What is needed ::
Output each record in full, exactly as it stands.

Excerpts from a dataset
_ _ _ _ _

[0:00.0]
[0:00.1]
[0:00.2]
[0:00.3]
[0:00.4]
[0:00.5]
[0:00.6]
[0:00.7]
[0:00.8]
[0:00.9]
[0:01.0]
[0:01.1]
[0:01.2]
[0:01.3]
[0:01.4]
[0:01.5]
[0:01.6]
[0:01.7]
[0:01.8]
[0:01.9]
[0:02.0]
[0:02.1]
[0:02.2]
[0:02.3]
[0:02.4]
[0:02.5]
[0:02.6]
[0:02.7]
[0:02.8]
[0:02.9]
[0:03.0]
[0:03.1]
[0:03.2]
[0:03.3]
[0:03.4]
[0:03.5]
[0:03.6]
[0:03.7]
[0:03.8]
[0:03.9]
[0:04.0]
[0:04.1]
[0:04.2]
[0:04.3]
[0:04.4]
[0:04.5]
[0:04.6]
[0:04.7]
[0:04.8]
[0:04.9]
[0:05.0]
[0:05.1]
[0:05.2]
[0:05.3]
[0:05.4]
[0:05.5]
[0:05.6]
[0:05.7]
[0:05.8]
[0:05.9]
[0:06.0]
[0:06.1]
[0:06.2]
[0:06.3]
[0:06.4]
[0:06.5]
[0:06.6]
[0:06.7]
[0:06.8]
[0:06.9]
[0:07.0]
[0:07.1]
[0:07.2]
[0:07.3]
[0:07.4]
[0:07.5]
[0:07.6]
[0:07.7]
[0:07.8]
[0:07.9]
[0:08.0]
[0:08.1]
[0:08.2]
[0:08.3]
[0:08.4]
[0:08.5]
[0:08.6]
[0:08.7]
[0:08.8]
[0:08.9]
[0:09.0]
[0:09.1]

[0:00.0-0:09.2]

_ _ _ _ _

Reply to the task ::
[0:00.0]
[0:00.1]
[0:00.2]
[0:00.3]
[0:00.4]
[0:00.5]
[0:00.6]
[0:00.7]
[0:00.8]
[0:00.9]
[0:01.0]
[0:01.1]
[0:01.2]
[0:01.3]
[0:01.4]
[0:01.5]
[0:01.6]
[0:01.7]
[0:01.8]
[0:01.9]
[0:02.0]
[0:02.1]
[0:02.2]
[0:02.3]
[0:02.4]
[0:02.5]
[0:02.6]
[0:02.7]
[0:02.8]
[0:02.9]
[0:03.0]
[0:03.1]
[0:03.2]
[0:03.3]
[0:03.4]
[0:03.5]
[0:03.6]
[0:03.7]
[0:03.8]
[0:03.9]
[0:04.0]
[0:04.1]
[0:04.2]
[0:04.3]
[0:04.4]
[0:04.5]
[0:04.6]
[0:04.7]
[0:04.8]
[0:04.9]
[0:05.0]
[0:05.1]
[0:05.2]
[0:05.3]
[0:05.4]
[0:05.5]
[0:05.6]
[0:05.7]
[0:05.8]
[0:05.9]
[0:06.0]
[0:06.1]
[0:06.2]
[0:06.3]
[0:06.4]
[0:06.5]
[0:06.6]
[0:06.7]
[0:06.8]
[0:06.9]
[0:07.0]
[0:07.1]
[0:07.2]
[0:07.3]
[0:07.4]
[0:07.5]
[0:07.6]
[0:07.7]
[0:07.8]
[0:07.9]
[0:08.0]
[0:08.1]
[0:08.2]
[0:08.3]
[0:08.4]
[0:08.5]
[0:08.6]
[0:08.7]
[0:08.8]
[0:08.9]
[0:09.0]
[0:09.1]

[0:00.0-0:09.2]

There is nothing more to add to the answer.